PROBLEM DESCRIPTION: Retype the following records exactly and exclude the pictures.

** EXERCISE DATA follows **

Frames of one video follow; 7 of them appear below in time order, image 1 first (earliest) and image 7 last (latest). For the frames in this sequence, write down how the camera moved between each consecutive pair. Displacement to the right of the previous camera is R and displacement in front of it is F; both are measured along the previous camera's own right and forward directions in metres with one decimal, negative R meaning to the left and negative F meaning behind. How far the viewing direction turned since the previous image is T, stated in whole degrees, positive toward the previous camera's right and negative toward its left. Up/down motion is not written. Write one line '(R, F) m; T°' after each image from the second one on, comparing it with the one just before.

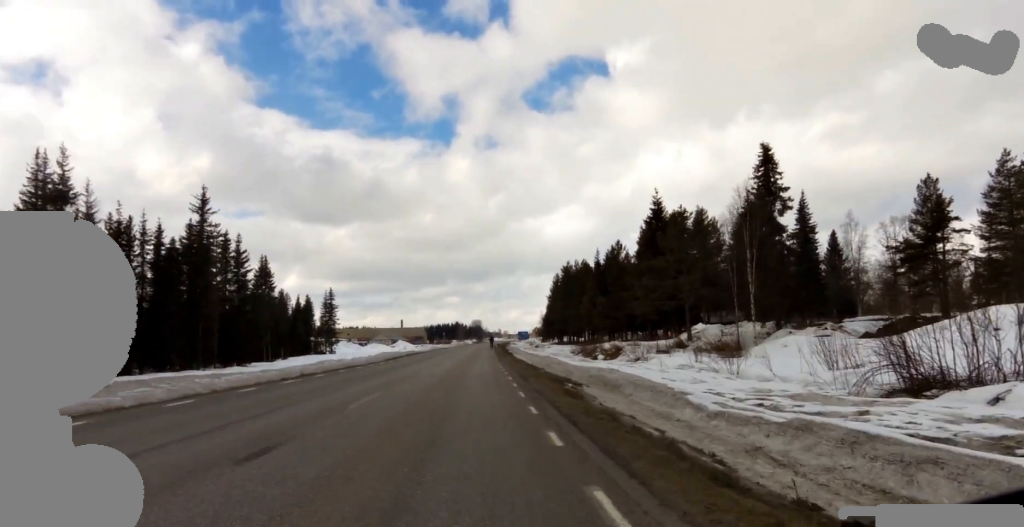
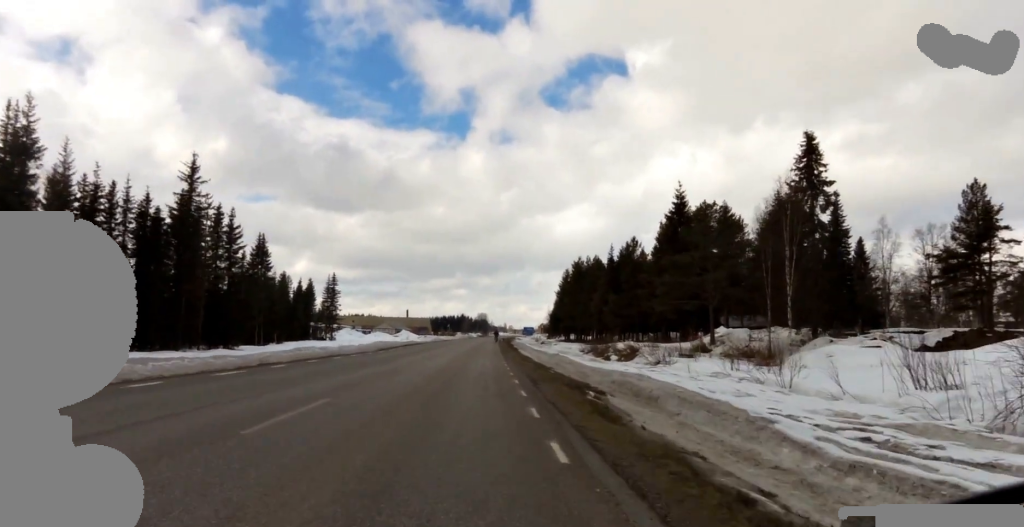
(-0.6, +4.0) m; 0°
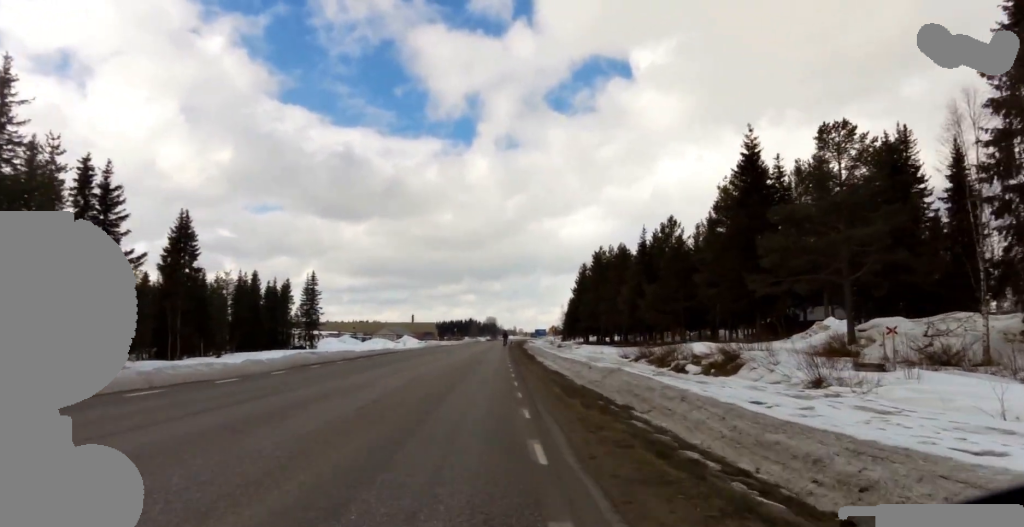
(0.0, +17.3) m; -1°
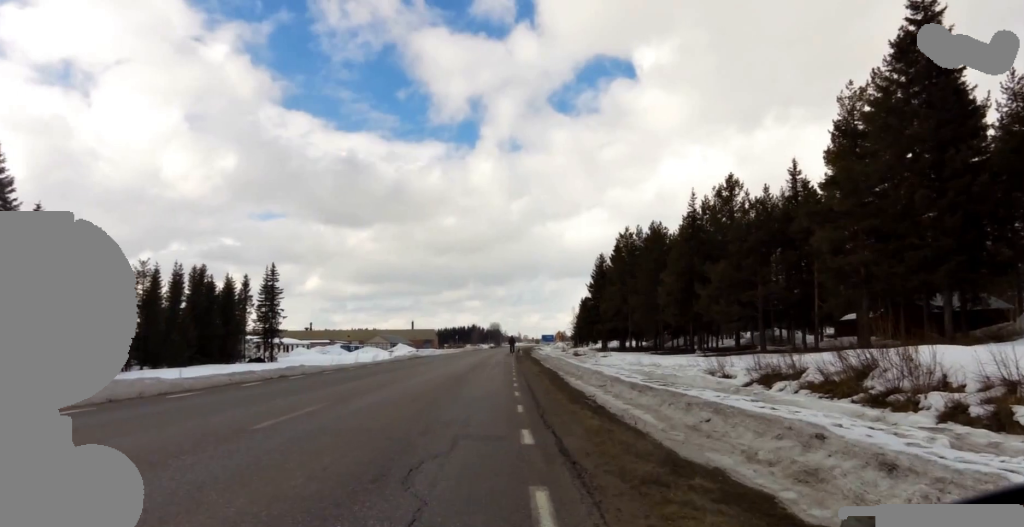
(-0.5, +19.7) m; +1°
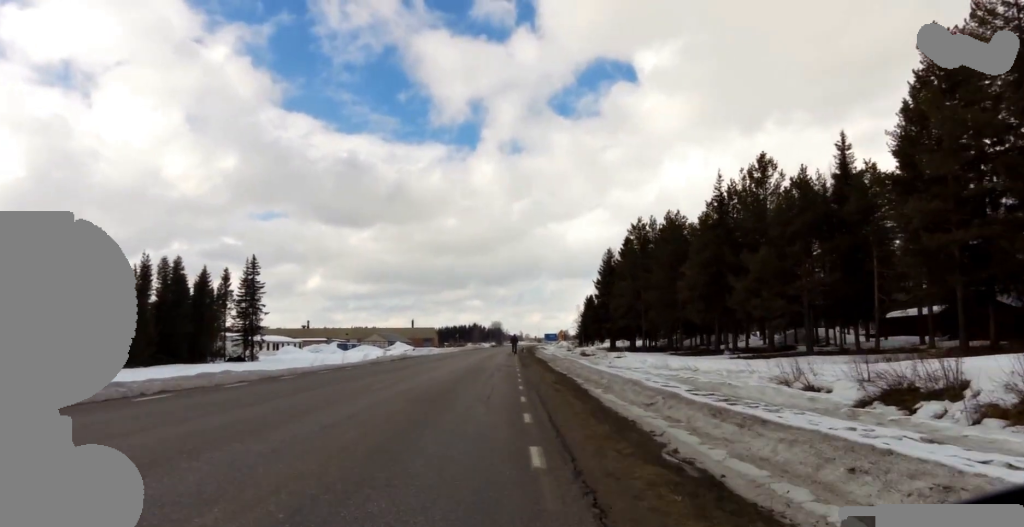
(+0.5, +7.0) m; +1°
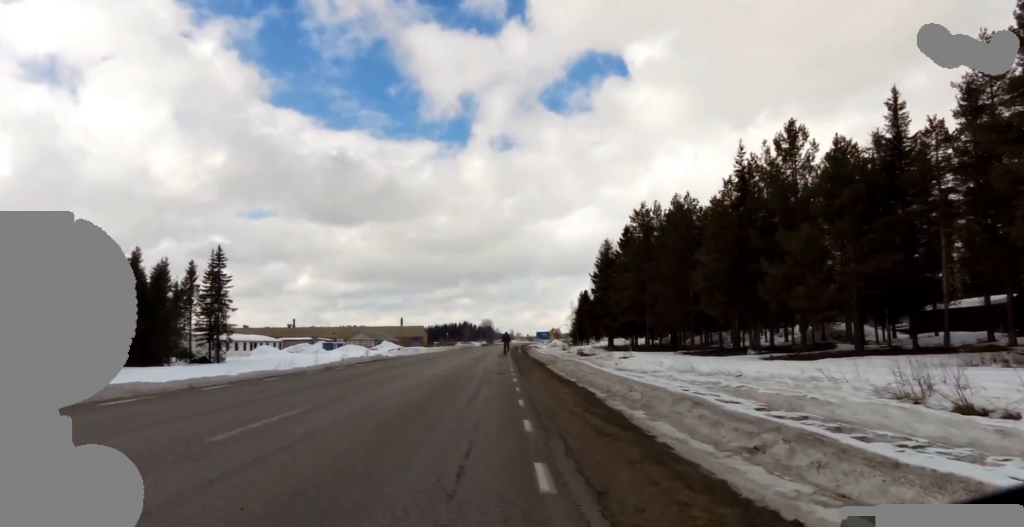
(+0.1, +6.7) m; 0°
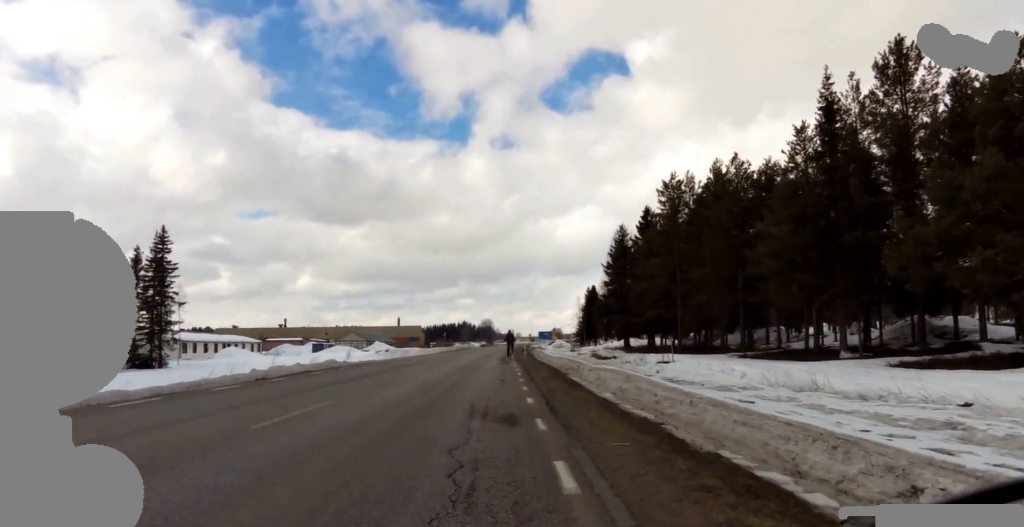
(+0.1, +11.9) m; -2°

** End of EXERCISE DATA **

RESPONSE TO THIS TASK:
Frames of one video follow; 7 of them appear below in time order, image 1 first (earliest) and image 7 last (latest). For the frames in this sequence, write down how the camera moved between each consecutive pair. Displacement to the right of the previous camera is R and displacement in front of it is F; both are measured along the previous camera's own right and forward directions in metres with one decimal, negative R meaning to the left and negative F meaning behind. How far the viewing direction turned since the previous image is T, stated in whole degrees, positive toward the previous camera's right and negative toward its left. Up/down motion is not written. Write one line '(R, F) m; T°' after each image from the second one on, comparing it with the one just before.

(-0.6, +4.0) m; 0°
(0.0, +17.3) m; -1°
(-0.5, +19.7) m; +1°
(+0.5, +7.0) m; +1°
(+0.1, +6.7) m; 0°
(+0.1, +11.9) m; -2°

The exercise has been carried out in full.